Still, it is only homes built since 1998 which don’t have rooms with three or four beds or other features which make isolating the virus more difficult.

Extendicare Guildwood started as a motel and has few single rooms.

Relatives of Extendicare Guildwood residents pause during a June 12 rally in front of the Scarborough nursing home to honour residents who died during an outbreak of COVID-19. – Torstar file photo

Scarborough Health Network, now temporarily in charge, reported the home is “less than ideal to prevent the spread of infection between residents” and its “tight spaces” make physical distancing difficult.

Two people whose relatives were residents say its medical director, Dr. Eric Kaziuka, told them management knew it wouldn’t be able to isolate COVID-positive residents properly.

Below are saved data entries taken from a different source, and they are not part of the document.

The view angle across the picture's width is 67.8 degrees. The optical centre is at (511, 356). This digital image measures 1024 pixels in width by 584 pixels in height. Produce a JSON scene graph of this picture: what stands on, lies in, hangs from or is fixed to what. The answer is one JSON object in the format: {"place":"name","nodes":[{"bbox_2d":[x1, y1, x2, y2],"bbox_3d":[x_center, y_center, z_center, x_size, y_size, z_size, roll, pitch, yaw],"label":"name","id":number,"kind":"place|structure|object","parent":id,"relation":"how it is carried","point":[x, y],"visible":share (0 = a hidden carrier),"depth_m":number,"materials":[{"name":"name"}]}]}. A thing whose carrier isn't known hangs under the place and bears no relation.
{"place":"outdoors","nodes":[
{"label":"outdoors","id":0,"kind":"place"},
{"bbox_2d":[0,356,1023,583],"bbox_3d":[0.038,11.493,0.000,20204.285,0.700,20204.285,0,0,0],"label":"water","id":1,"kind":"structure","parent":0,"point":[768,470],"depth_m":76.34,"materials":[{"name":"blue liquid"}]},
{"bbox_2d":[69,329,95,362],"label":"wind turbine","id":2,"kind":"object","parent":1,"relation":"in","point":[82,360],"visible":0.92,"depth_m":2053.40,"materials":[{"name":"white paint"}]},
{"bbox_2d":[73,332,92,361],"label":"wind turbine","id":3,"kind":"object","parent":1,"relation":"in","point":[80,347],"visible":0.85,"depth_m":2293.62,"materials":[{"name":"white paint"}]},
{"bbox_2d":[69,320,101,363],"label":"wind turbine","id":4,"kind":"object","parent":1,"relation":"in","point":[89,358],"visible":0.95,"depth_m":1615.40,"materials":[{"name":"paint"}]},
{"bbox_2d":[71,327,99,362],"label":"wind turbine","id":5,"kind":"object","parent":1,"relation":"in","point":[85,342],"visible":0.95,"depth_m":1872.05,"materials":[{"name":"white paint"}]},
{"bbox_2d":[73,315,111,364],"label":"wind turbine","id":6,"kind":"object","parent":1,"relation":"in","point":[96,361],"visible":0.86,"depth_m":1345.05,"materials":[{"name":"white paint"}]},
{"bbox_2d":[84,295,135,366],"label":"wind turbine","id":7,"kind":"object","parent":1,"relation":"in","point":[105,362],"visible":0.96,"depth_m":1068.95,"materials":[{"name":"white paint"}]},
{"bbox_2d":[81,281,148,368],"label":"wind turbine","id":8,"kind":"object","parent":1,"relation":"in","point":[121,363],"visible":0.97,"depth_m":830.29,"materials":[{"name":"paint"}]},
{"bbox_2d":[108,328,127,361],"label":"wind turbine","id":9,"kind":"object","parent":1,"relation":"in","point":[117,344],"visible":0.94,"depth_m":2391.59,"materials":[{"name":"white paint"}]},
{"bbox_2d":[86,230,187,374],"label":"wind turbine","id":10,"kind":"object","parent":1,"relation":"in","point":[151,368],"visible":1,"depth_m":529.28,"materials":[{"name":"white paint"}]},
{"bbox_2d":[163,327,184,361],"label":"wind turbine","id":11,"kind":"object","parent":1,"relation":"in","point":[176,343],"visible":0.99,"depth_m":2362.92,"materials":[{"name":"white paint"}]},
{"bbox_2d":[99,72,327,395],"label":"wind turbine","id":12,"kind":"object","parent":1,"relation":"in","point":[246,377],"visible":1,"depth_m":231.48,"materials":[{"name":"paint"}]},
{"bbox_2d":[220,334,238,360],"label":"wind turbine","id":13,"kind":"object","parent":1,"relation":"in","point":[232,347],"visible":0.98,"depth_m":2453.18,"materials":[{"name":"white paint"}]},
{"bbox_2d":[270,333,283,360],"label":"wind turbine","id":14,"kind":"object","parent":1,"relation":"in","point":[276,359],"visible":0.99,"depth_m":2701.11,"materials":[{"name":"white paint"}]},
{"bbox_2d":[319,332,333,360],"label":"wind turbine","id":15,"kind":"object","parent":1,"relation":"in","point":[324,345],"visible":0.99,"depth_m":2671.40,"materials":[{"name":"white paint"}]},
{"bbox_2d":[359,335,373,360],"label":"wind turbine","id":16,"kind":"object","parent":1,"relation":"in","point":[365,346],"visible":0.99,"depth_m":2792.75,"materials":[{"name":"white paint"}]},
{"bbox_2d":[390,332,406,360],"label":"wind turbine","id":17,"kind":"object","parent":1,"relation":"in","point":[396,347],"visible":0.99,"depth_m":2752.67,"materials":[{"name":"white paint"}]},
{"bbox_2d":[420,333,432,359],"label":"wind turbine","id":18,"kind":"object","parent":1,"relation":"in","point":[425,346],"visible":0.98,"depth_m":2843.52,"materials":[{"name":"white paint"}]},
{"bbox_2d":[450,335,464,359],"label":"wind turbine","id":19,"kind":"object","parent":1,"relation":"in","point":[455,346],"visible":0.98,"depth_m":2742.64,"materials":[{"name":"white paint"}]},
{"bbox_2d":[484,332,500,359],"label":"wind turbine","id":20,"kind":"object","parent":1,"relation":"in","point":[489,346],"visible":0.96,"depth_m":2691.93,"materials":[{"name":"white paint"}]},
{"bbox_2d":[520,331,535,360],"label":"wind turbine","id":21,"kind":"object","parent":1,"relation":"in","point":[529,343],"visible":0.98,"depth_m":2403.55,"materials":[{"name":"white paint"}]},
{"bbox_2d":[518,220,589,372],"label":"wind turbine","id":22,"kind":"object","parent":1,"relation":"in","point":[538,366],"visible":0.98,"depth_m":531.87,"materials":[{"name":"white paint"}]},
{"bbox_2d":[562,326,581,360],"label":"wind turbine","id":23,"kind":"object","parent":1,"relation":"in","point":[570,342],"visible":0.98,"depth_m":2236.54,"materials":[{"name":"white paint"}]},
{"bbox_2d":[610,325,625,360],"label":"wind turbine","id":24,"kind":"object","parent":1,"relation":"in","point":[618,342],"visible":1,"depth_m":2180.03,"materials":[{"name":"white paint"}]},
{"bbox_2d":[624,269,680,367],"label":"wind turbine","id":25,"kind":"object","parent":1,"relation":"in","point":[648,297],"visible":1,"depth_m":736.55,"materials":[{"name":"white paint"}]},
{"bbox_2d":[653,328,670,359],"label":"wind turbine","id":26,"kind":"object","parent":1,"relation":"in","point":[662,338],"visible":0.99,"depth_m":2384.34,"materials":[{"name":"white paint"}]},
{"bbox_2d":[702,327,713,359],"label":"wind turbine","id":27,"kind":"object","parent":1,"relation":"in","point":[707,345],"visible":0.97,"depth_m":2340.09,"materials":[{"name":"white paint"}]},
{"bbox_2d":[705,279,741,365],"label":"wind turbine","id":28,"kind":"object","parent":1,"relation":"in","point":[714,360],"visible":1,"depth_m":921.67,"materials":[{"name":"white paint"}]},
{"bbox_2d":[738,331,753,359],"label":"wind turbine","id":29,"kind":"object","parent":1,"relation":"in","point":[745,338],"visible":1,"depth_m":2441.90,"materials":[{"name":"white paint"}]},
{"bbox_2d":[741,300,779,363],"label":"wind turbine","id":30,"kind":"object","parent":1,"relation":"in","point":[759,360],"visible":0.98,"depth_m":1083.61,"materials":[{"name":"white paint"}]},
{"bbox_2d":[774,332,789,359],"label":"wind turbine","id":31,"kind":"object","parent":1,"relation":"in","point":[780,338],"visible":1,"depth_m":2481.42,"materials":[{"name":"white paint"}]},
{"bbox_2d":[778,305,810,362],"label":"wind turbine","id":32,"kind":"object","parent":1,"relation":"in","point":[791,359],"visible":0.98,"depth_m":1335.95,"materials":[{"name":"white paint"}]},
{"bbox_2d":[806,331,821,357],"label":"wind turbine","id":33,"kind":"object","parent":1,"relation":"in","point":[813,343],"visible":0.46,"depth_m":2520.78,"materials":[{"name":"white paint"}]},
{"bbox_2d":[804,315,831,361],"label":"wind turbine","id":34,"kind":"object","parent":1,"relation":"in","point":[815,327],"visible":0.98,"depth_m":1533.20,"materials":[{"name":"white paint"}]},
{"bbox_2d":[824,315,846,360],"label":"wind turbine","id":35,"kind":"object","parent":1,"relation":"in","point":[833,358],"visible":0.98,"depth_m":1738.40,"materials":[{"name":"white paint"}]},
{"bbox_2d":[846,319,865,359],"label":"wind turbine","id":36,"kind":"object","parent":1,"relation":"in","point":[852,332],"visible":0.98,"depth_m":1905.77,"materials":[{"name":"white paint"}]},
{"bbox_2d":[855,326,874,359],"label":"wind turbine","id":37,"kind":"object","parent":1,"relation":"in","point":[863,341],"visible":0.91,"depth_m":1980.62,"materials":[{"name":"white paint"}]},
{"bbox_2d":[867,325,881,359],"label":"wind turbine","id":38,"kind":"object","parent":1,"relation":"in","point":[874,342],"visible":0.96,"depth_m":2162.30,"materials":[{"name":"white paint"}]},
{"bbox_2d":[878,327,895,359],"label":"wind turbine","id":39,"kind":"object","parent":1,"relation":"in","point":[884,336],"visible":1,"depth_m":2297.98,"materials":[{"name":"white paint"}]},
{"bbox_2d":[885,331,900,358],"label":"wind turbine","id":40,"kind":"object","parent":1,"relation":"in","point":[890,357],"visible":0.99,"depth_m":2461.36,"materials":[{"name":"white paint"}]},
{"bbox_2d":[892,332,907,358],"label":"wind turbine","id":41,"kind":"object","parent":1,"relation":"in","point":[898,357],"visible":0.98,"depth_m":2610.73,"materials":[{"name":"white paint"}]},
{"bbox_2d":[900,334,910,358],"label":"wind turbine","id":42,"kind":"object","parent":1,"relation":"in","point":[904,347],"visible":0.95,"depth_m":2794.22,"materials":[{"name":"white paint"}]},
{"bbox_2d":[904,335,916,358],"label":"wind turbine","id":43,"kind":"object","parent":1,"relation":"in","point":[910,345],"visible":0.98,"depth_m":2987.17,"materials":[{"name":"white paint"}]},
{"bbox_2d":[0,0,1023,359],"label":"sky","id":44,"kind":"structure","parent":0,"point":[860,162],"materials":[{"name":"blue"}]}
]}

“The home just isn’t set up for that,” is what Jeanine Skretas remembers Kaziuka said to her and Michelle Wilson during a May 19 telephone conversation.

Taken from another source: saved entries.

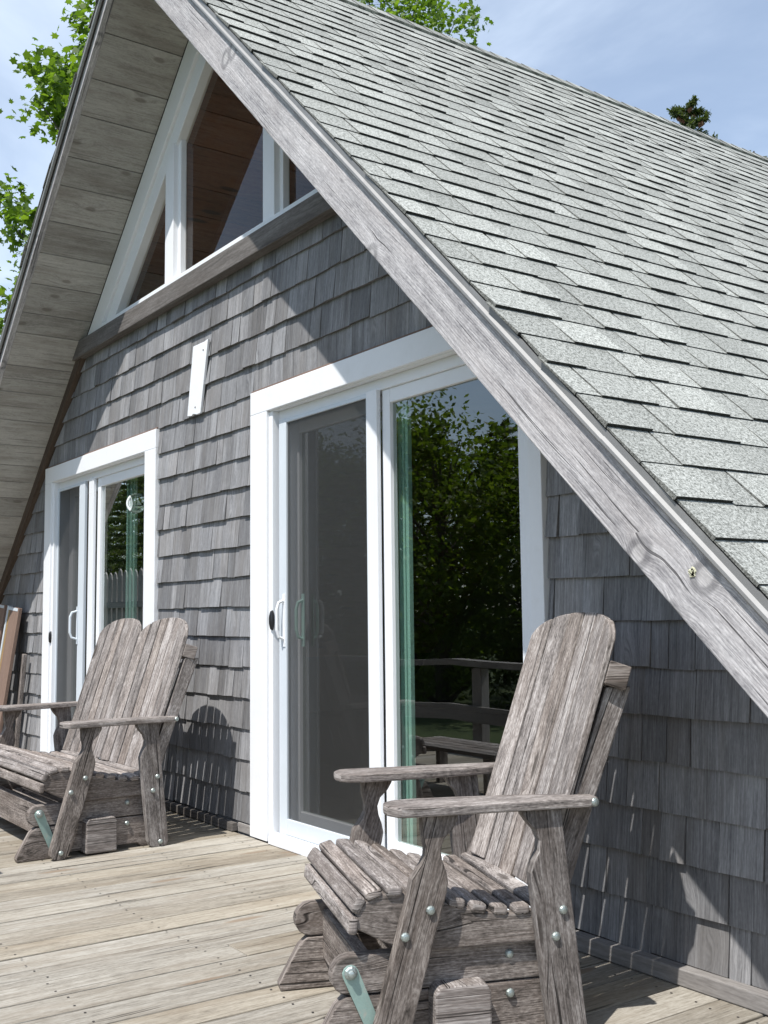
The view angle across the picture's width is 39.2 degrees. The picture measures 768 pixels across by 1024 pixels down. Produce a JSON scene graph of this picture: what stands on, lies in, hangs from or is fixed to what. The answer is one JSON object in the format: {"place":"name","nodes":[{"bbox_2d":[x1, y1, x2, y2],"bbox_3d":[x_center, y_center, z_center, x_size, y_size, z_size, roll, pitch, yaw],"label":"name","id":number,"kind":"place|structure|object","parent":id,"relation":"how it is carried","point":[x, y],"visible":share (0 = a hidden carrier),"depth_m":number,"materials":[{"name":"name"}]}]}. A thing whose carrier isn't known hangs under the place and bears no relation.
{"place":"outdoors","nodes":[
{"label":"outdoors","id":0,"kind":"place"},
{"bbox_2d":[0,0,767,335],"label":"sky","id":1,"kind":"structure","parent":0,"point":[652,56],"materials":[{"name":"blue"}]},
{"label":"ground","id":2,"kind":"structure","parent":0,"visible":0},
{"bbox_2d":[0,0,95,334],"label":"maple tree","id":3,"kind":"object","parent":2,"relation":"on","point":[58,80],"visible":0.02,"depth_m":17.29,"materials":[{"name":"green plant"}]},
{"bbox_2d":[0,772,767,1023],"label":"deck","id":4,"kind":"structure","parent":2,"relation":"on","point":[191,921],"depth_m":3.58,"materials":[{"name":"brown wood"}]},
{"bbox_2d":[0,604,7,647],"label":"leaning panel","id":5,"kind":"object","parent":4,"relation":"on","point":[3,609],"visible":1,"depth_m":8.73,"materials":[{"name":"brown wood"}]},
{"bbox_2d":[0,606,21,733],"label":"leaning panel","id":6,"kind":"object","parent":4,"relation":"on","point":[10,635],"visible":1,"depth_m":8.46,"materials":[{"name":"brown wood"}]},
{"bbox_2d":[14,654,26,747],"bbox_3d":[-2.826,1.516,8.356,0.119,0.824,0.045,-3,-6,21],"label":"wooden stake","id":7,"kind":"object","parent":4,"relation":"on","point":[21,692],"visible":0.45,"depth_m":8.35,"materials":[{"name":"brown wood"}]},
{"bbox_2d":[0,618,197,862],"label":"glider bench","id":8,"kind":"object","parent":4,"relation":"on","point":[92,783],"visible":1,"depth_m":5.27,"materials":[{"name":"grey wood"}]},
{"bbox_2d":[277,612,630,1023],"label":"glider chair","id":9,"kind":"object","parent":4,"relation":"on","point":[429,935],"visible":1,"depth_m":2.79,"materials":[{"name":"grey wood"}]},
{"bbox_2d":[0,0,767,1014],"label":"cabin","id":10,"kind":"object","parent":2,"relation":"on","point":[392,388],"visible":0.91,"depth_m":5.10,"materials":[{"name":"grey wood"}]},
{"bbox_2d":[40,429,159,752],"bbox_3d":[-1.919,0.699,7.335,0.187,2.235,2.103,3,-7,-35],"label":"sliding door","id":11,"kind":"structure","parent":10,"relation":"in","point":[101,560],"depth_m":7.46,"materials":[{"name":"white plastic"}]},
{"bbox_2d":[126,496,129,510],"bbox_3d":[-1.619,-0.133,7.053,0.135,0.288,0.015,0,-6,-3],"label":"hanging ornament","id":12,"kind":"object","parent":10,"relation":"hanging from","point":[128,503],"visible":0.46,"depth_m":7.04,"materials":[{"name":"white"}]},
{"bbox_2d":[88,41,317,334],"bbox_3d":[-1.007,-2.240,6.227,0.099,1.742,3.790,3,-7,-35],"label":"gable window","id":13,"kind":"structure","parent":10,"relation":"in","point":[163,182],"depth_m":6.55,"materials":[{"name":"white paint"}]},
{"bbox_2d":[250,327,549,909],"bbox_3d":[0.000,0.414,4.622,0.178,2.235,2.140,3,-7,-35],"label":"sliding door","id":14,"kind":"structure","parent":10,"relation":"in","point":[317,701],"depth_m":4.86,"materials":[{"name":"white plastic"}]},
{"bbox_2d":[356,0,493,46],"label":"maple tree","id":15,"kind":"object","parent":2,"relation":"on","point":[432,16],"visible":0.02,"depth_m":25.02,"materials":[{"name":"green plant"}]},
{"bbox_2d":[666,94,718,138],"bbox_3d":[4.935,-1.601,16.312,3.888,9.695,4.279,0,-6,-7],"label":"spruce tree","id":16,"kind":"object","parent":2,"relation":"on","point":[682,115],"visible":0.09,"depth_m":16.68,"materials":[{"name":"green plant"}]}
]}

Kaziuka couldn’t be reached for comment through Extendicare or his Scarborough offices.

Asked about Kaziuka’s alleged opinions about isolation in the home, Extendicare in a written statement did not comment on this, but said the “structure of the home” and loss of staff during the outbreak made the situation “exceptionally difficult to manage.”

On July 22, Extendicare said it will limit occupancy in four-bed rooms to two residents in anticipation of a second wave, and that it had recently applied to rebuild all of its “C” bed homes.

Skretas, whose father died on May 23, said Extendicare could have installed extra resources to make better isolation possible. Instead, she argued, management “left them to die.”

Researchers based at Toronto’s Mount Sinai Hospital looked at Ontario Long-Term Care (LTC) outbreaks between March 29 and May 20.

Using simulations, the team, led by Dr. Nathan Stall, found converting all four-bed rooms to two-bed rooms would have averted 19 per cent of COVID-19 infections and deaths. “Reducing crowding in nursing homes could prevent future COVID-19 mortality,” they advised.

Ontario’s government appeared to draw similar conclusions.

It told homes not to place new residents into ward rooms. On July 15, it announced a “modernized funding model” to rebuild older homes, including grants to cover municipal development charges.

“Murky,” convoluted and lasting three to five years, the province’s former capital renewal program for homes wasn’t viable, and in Greater Toronto land costs were “prohibitive,” said Ontario Long Term Care Association CEO Donna Duncan, adding few facilities were rebuilt since 2007.

The association represents most Ontario nursing homes, including for-profit and not-for-profit providers.

Measures taken during flu seasons in older homes “really were no match” for the coronavirus. With homes at capacity there was little ability to move residents around, Duncan said.

“There was no place left to move them to.”

Natalie Mehra, executive director of the Ontario Health Coalition, speaks during a news conference in 2014. – Torstar file photo

Natalie Mehra, executive director of the Ontario Health Coalition, a network of more than 400 grassroots community organizations, said for-profit companies, which own many older homes in Toronto, haven’t brought homes up to standards, though governments offered them money over two decades.

“They’re running them as they are because they can,” argued Mehra, who thinks the province should move such homes into public ownership.

Remaking older homes is “at the bottom of the priority list in many countries,” partly because few people plan to live in such places, said Pat Armstrong, a York University sociology professor.

Studying long-term care for a book, Armstrong met Norwegians shocked by four-bed rooms; theirs were all private, she said.

Pat Armstrong is a York University sociology professor and an expert on long-term care. – Paul Jones/photo

Rather than just “tear it down,” Armstrong said, Ontario needs multiple strategies to create flexibility in structures. A four-bed room, for instance, can become a double with a bathroom.

Providing staff with spaces to eat or change clothes, so they aren’t taking contamination in or out, is important, she said.

Armstrong believes better LTC for seniors is a human right. Because we’ll have to raise taxes to improve it, she’s worried Ontarians will lose interest, thinking, “What’s the big deal?”